If you spent your young days suffering from Saturday night fever, then this is a show to rock you in your seat. It’s 80 minutes of sheer disco and noise with flashing lights, mirror balls, glitter costumes, and screaming vocals. And with those vocals came amazing verve and energy from all the performers. But on top of that there was circus, with strength and balance, aerial gymnastics, hoops, hula hoop comedy and skill, and dancing girls from the disco age.
I must admit that disco is a long way removed from my type of music, but I was carried along in the swirl of excitement the show produced. The audience went even further with screams of encouragement, gasps of disbelief and a rousing standing ovation at the end when the nine super-fit performers took their bows. They followed this with a lot of dancing in the aisles. The songs were straight disco and included, Boogie Wonderland, Everybody dance, It’s Raining Men, Turn the Beat Around, Shake Your Groove and I Feel Love.
The show is loosely based on the New York night spot Club 54, where in its heyday anything went, and a vague story of a man, played by Brendan Maclean, trying to find his way in life.

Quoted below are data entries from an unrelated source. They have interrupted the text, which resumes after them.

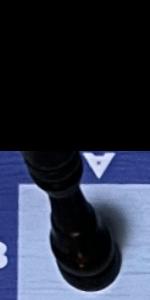
Label: Rook_Black
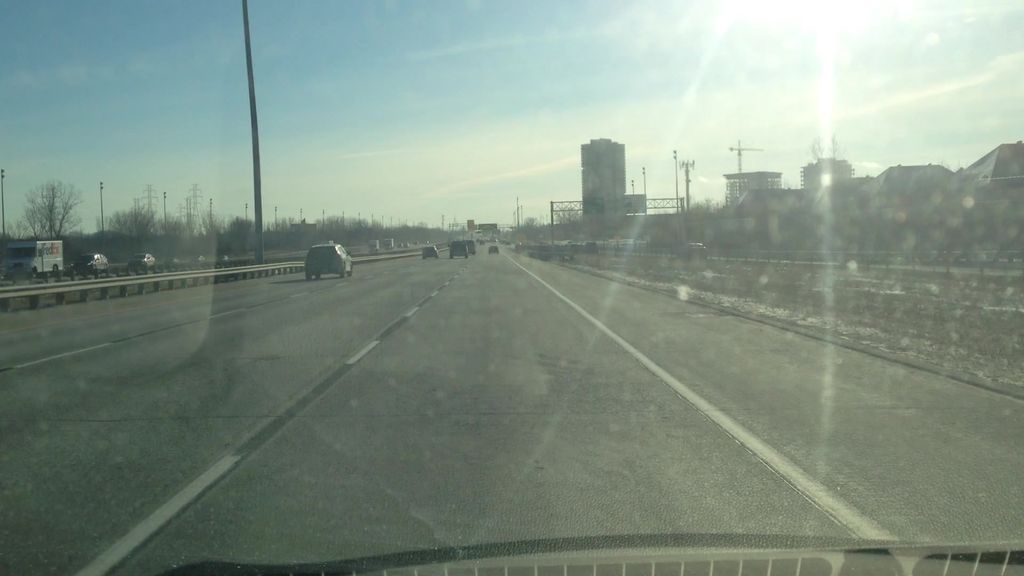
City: montreal
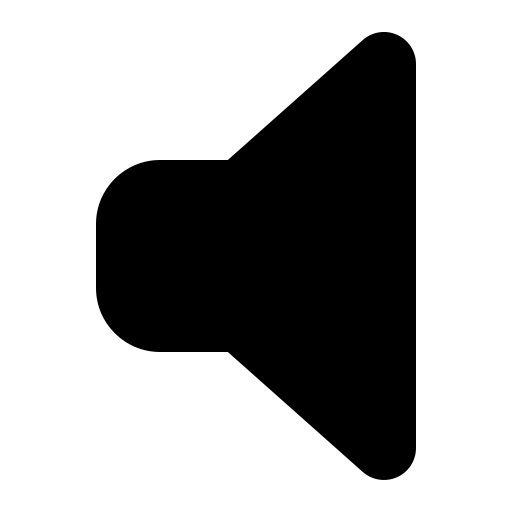
Tags: icon, FontAwesome, fa-icon, solid, volume, off
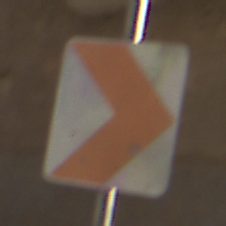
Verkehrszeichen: RichtungstafelnInKurvenKleinLinks
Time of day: Midday
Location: Outdoor (Urban)
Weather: Clear
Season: NotSpecified
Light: Natural
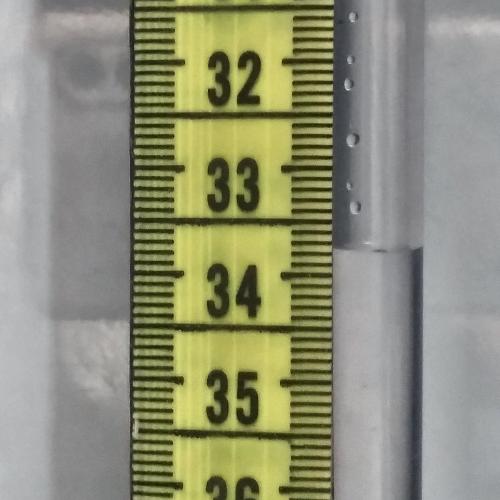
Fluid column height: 33.8 cm
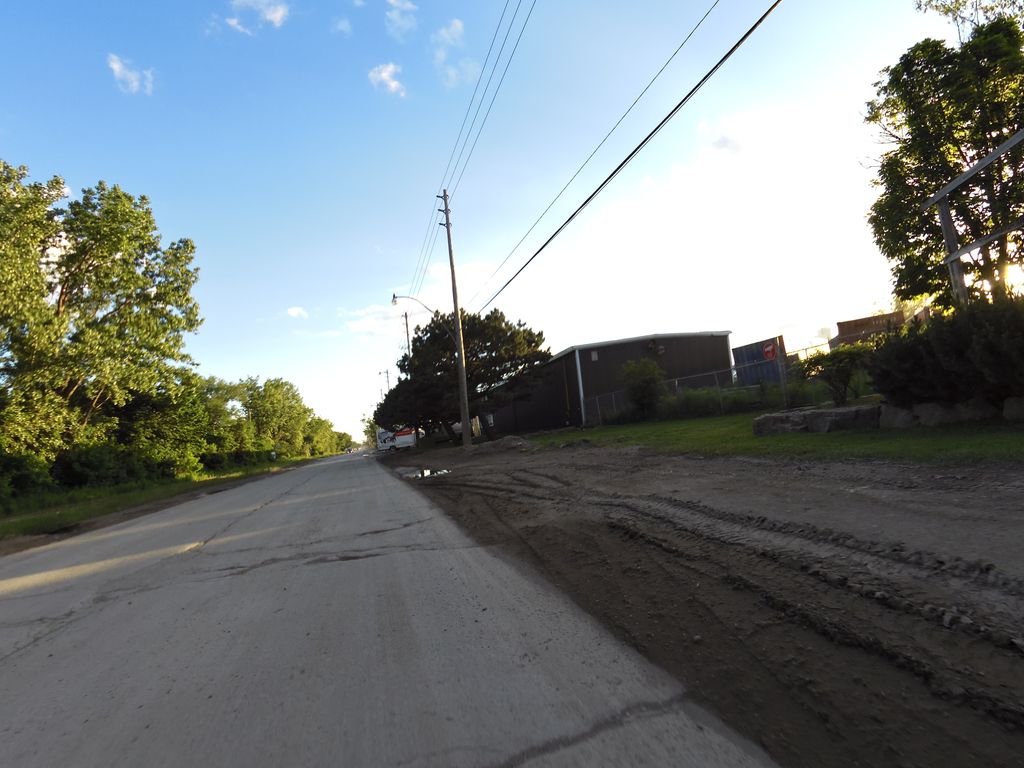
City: toronto
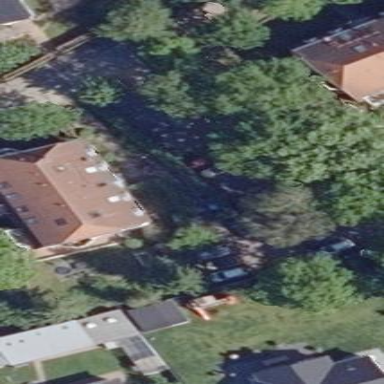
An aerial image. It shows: Residential building with gambrel roof shape.
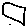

Leading the array of talent was legend Marcia Hines who belted out her numbers in solo, backed by the incredible Rechelle Mansour and Chaska Halliday, or as a duet with Brendan Maclean, who has a voice, dance ability, and energy to be reckoned with.
The lights flashed and the music blared as we took our seats, all managed from a box high on the stage managed by Joe Accaria, who is also the musical director for the show and has worked with many of the top Australian and overseas stars. In the ever-changing mood of the non-stop show we had breaks of beauty with former Queensland Ballet dancer Emma Goh performing her graceful aerial hoop act and a whimsical balance strip act from German circus star Mirko K?ckenberger. Then there was strength from Stephen Williams, who also had a lot of S and M fun with leather and chains with Brendan Maclean.
But most of the laughs came from Scotsman Craig Reid the chubby, smiling “Incredible Hula Boy” who kept the audience happy with his antic and skill with lots of hula hoops. He showed amazing dexterity. Through all this talent though the stand-outs for me were Rechelle Mansour and Chaska Halliday, who hardly ever left the stage, and when they did it was for a costume change. Their dancing talent was superb and fast; their fitness unbelievable and the vocals they performed were top class.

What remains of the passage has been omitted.